[Source data]
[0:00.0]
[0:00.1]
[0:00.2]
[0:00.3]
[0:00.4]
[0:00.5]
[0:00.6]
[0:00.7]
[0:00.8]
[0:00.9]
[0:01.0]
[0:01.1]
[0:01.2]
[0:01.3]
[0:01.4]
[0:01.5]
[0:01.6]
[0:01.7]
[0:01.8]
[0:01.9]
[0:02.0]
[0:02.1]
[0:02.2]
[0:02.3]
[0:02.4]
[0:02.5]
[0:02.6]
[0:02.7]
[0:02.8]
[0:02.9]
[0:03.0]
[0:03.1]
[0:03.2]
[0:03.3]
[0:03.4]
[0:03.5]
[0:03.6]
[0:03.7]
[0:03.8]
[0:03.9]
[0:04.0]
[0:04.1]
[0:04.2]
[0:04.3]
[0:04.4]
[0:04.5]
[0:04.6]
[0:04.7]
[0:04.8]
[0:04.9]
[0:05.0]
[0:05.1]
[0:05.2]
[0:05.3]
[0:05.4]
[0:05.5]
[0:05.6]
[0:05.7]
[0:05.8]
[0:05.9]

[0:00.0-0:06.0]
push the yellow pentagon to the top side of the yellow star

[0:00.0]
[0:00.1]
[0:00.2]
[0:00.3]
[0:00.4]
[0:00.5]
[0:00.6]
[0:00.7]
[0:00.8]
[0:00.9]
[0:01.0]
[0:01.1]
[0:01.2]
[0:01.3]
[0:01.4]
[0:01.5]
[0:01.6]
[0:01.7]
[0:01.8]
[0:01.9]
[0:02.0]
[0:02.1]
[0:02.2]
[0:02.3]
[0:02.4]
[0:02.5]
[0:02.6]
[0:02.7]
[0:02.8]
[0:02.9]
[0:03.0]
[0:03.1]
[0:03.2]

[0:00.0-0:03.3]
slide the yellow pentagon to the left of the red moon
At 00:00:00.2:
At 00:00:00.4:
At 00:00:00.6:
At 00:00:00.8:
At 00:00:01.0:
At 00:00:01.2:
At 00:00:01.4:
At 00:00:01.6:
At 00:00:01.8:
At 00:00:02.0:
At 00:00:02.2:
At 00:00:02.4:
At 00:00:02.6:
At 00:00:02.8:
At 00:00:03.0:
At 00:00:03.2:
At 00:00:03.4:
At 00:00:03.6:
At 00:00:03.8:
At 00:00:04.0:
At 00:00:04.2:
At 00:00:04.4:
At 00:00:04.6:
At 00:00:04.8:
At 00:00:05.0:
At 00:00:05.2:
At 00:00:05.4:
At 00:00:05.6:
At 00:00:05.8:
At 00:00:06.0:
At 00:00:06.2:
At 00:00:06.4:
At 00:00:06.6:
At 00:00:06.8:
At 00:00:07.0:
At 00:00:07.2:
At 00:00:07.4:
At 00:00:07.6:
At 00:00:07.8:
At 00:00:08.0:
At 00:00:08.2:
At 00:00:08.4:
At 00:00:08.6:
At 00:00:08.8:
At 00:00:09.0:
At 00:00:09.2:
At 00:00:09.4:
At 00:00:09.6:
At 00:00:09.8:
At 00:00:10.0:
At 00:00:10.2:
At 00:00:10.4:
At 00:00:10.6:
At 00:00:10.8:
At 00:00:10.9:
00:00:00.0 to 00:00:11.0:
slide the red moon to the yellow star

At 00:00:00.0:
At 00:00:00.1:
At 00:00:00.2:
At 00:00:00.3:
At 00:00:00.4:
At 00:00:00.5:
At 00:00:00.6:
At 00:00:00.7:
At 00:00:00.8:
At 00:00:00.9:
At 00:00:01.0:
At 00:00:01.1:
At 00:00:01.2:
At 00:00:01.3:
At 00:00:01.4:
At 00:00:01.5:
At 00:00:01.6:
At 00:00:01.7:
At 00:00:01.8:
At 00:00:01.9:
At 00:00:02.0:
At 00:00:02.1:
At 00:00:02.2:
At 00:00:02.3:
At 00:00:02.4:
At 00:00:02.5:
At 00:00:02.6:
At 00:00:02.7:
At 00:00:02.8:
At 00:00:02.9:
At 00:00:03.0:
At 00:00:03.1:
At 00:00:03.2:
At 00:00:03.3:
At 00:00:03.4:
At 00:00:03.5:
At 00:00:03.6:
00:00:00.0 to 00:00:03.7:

## TASK
Nothing but an exact copy of the records belongs in the answer.

## RESPONSE TO THIS TASK
[0:00.0]
[0:00.1]
[0:00.2]
[0:00.3]
[0:00.4]
[0:00.5]
[0:00.6]
[0:00.7]
[0:00.8]
[0:00.9]
[0:01.0]
[0:01.1]
[0:01.2]
[0:01.3]
[0:01.4]
[0:01.5]
[0:01.6]
[0:01.7]
[0:01.8]
[0:01.9]
[0:02.0]
[0:02.1]
[0:02.2]
[0:02.3]
[0:02.4]
[0:02.5]
[0:02.6]
[0:02.7]
[0:02.8]
[0:02.9]
[0:03.0]
[0:03.1]
[0:03.2]
[0:03.3]
[0:03.4]
[0:03.5]
[0:03.6]
[0:03.7]
[0:03.8]
[0:03.9]
[0:04.0]
[0:04.1]
[0:04.2]
[0:04.3]
[0:04.4]
[0:04.5]
[0:04.6]
[0:04.7]
[0:04.8]
[0:04.9]
[0:05.0]
[0:05.1]
[0:05.2]
[0:05.3]
[0:05.4]
[0:05.5]
[0:05.6]
[0:05.7]
[0:05.8]
[0:05.9]

[0:00.0-0:06.0]
push the yellow pentagon to the top side of the yellow star

[0:00.0]
[0:00.1]
[0:00.2]
[0:00.3]
[0:00.4]
[0:00.5]
[0:00.6]
[0:00.7]
[0:00.8]
[0:00.9]
[0:01.0]
[0:01.1]
[0:01.2]
[0:01.3]
[0:01.4]
[0:01.5]
[0:01.6]
[0:01.7]
[0:01.8]
[0:01.9]
[0:02.0]
[0:02.1]
[0:02.2]
[0:02.3]
[0:02.4]
[0:02.5]
[0:02.6]
[0:02.7]
[0:02.8]
[0:02.9]
[0:03.0]
[0:03.1]
[0:03.2]

[0:00.0-0:03.3]
slide the yellow pentagon to the left of the red moon
At 00:00:00.2:
At 00:00:00.4:
At 00:00:00.6:
At 00:00:00.8:
At 00:00:01.0:
At 00:00:01.2:
At 00:00:01.4:
At 00:00:01.6:
At 00:00:01.8:
At 00:00:02.0:
At 00:00:02.2:
At 00:00:02.4:
At 00:00:02.6:
At 00:00:02.8:
At 00:00:03.0:
At 00:00:03.2:
At 00:00:03.4:
At 00:00:03.6:
At 00:00:03.8:
At 00:00:04.0:
At 00:00:04.2:
At 00:00:04.4:
At 00:00:04.6:
At 00:00:04.8:
At 00:00:05.0:
At 00:00:05.2:
At 00:00:05.4:
At 00:00:05.6:
At 00:00:05.8:
At 00:00:06.0:
At 00:00:06.2:
At 00:00:06.4:
At 00:00:06.6:
At 00:00:06.8:
At 00:00:07.0:
At 00:00:07.2:
At 00:00:07.4:
At 00:00:07.6:
At 00:00:07.8:
At 00:00:08.0:
At 00:00:08.2:
At 00:00:08.4:
At 00:00:08.6:
At 00:00:08.8:
At 00:00:09.0:
At 00:00:09.2:
At 00:00:09.4:
At 00:00:09.6:
At 00:00:09.8:
At 00:00:10.0:
At 00:00:10.2:
At 00:00:10.4:
At 00:00:10.6:
At 00:00:10.8:
At 00:00:10.9:
00:00:00.0 to 00:00:11.0:
slide the red moon to the yellow star

At 00:00:00.0:
At 00:00:00.1:
At 00:00:00.2:
At 00:00:00.3:
At 00:00:00.4:
At 00:00:00.5:
At 00:00:00.6:
At 00:00:00.7:
At 00:00:00.8:
At 00:00:00.9:
At 00:00:01.0:
At 00:00:01.1:
At 00:00:01.2:
At 00:00:01.3:
At 00:00:01.4:
At 00:00:01.5:
At 00:00:01.6:
At 00:00:01.7:
At 00:00:01.8:
At 00:00:01.9:
At 00:00:02.0:
At 00:00:02.1:
At 00:00:02.2:
At 00:00:02.3:
At 00:00:02.4:
At 00:00:02.5:
At 00:00:02.6:
At 00:00:02.7:
At 00:00:02.8:
At 00:00:02.9:
At 00:00:03.0:
At 00:00:03.1:
At 00:00:03.2:
At 00:00:03.3:
At 00:00:03.4:
At 00:00:03.5:
At 00:00:03.6:
00:00:00.0 to 00:00:03.7:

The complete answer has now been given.